WORK INSTRUCTIONS
In the listing below, the lines starting with the line with "hfov_deg=49.5. centre=(317, 478)." and going on through the line with "Name the object" are to be reproduced exactly, and only those.

DATA FOR ANALYSIS
<<<<
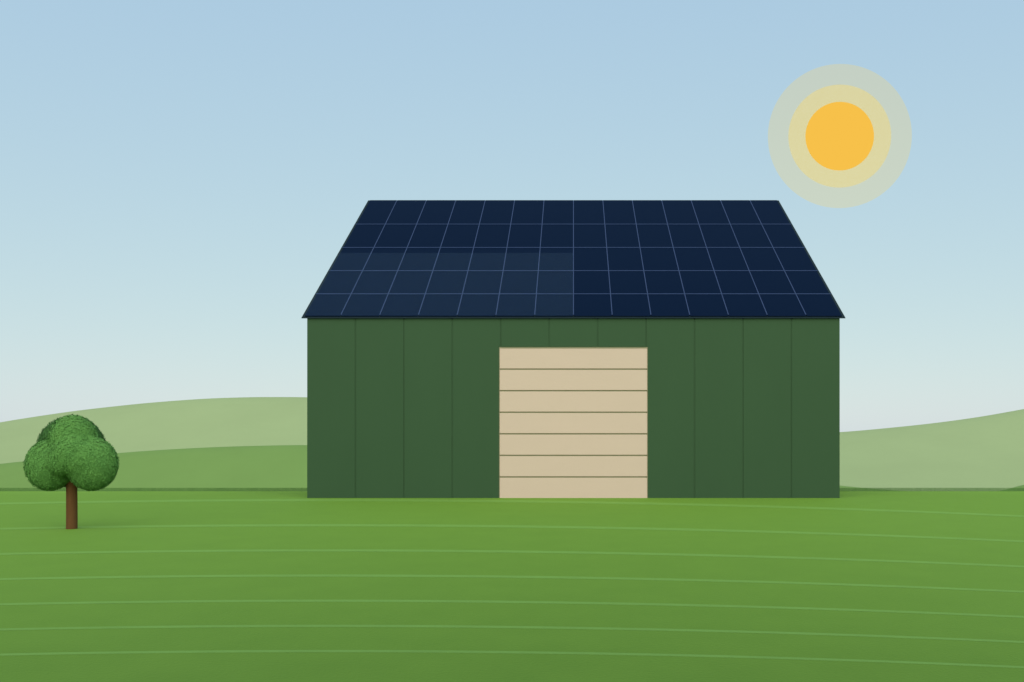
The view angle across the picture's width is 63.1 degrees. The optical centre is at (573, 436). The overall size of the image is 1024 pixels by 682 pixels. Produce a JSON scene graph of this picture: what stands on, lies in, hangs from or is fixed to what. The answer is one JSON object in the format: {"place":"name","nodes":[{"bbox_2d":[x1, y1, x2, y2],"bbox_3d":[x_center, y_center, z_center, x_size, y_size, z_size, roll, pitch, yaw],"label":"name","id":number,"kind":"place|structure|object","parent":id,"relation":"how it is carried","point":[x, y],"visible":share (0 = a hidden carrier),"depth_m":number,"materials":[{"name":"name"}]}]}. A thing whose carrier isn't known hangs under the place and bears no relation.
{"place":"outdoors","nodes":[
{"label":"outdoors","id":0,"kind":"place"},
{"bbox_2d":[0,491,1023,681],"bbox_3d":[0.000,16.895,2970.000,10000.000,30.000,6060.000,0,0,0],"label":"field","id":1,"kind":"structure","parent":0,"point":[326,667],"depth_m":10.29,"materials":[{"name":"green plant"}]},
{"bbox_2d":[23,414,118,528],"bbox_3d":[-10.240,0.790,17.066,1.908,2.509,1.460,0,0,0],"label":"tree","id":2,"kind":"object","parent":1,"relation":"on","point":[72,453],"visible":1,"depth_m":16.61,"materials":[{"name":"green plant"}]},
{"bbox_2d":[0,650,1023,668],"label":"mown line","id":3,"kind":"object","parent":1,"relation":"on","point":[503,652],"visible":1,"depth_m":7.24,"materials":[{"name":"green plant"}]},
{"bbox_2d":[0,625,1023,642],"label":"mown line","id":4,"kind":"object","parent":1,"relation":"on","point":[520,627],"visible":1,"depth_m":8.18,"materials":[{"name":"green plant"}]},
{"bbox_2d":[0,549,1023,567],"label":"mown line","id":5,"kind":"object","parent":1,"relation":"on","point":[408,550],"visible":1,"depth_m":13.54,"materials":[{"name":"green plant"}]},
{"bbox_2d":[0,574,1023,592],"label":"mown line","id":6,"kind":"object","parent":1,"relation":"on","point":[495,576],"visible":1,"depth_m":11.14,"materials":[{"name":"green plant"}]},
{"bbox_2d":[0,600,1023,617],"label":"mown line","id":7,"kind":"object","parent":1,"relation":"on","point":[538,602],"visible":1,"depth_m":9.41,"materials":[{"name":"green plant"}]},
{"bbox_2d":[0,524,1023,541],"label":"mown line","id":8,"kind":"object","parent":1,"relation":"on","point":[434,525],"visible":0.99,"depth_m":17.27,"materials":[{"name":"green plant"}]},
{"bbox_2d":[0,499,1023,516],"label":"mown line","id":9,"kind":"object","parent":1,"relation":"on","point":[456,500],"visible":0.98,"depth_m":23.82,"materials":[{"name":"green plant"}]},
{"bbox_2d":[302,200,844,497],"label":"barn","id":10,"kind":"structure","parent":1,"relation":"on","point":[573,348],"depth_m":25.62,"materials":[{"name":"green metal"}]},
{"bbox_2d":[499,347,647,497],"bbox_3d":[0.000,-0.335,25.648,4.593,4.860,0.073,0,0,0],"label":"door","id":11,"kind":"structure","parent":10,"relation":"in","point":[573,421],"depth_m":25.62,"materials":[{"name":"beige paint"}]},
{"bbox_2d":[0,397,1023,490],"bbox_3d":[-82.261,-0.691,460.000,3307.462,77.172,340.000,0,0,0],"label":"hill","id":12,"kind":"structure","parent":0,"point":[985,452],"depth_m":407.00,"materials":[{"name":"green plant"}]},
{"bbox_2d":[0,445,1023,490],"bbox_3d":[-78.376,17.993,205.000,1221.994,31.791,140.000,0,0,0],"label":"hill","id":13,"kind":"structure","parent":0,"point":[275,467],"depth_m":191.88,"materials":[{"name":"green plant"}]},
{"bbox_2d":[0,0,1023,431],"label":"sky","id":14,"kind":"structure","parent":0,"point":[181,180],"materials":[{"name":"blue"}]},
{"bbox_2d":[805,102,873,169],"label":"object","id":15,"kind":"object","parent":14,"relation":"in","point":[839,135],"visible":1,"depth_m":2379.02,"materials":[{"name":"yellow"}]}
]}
>>>>
<<<<
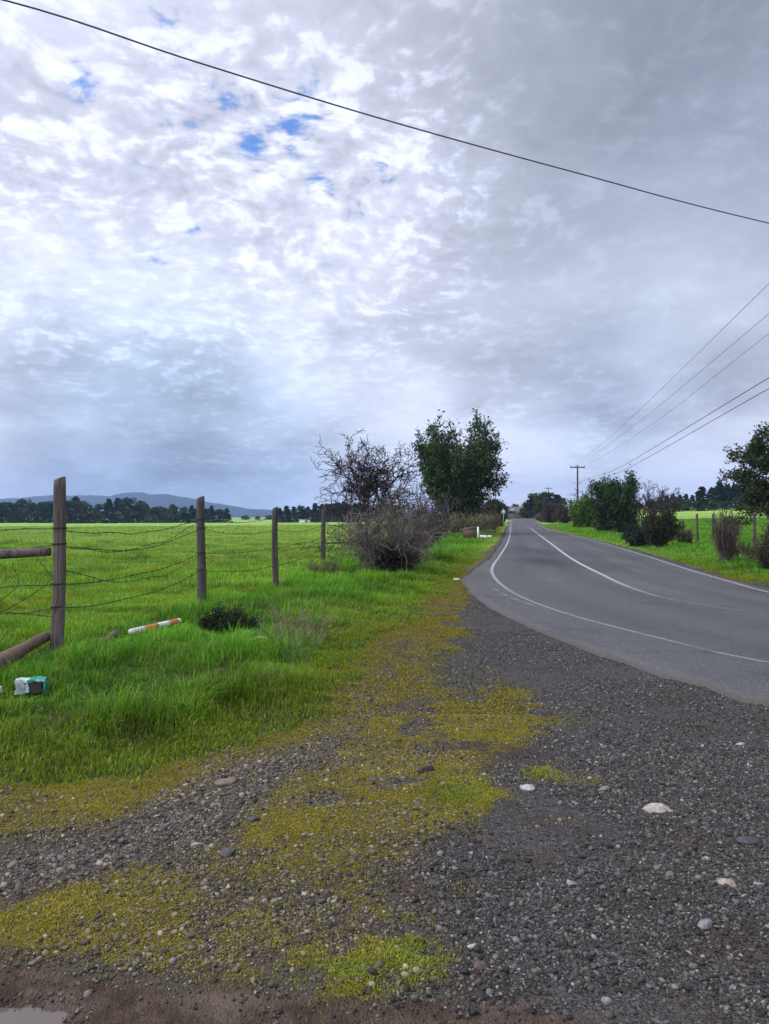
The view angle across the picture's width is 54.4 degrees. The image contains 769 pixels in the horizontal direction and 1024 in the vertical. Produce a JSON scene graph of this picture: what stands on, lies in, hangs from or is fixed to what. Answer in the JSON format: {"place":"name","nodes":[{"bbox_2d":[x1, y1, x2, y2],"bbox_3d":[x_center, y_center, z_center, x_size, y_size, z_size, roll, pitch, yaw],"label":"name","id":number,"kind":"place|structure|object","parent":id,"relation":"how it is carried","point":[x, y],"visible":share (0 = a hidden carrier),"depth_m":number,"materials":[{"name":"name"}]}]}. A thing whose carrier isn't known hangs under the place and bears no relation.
>>>>
<<<<
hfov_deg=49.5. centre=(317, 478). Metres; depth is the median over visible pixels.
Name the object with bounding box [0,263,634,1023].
>>>>
EXERCISE RESULT
hfov_deg=49.5. centre=(317, 478). Metres; depth is the median over visible pixels.
Name the object with bounding box [0,263,634,1023].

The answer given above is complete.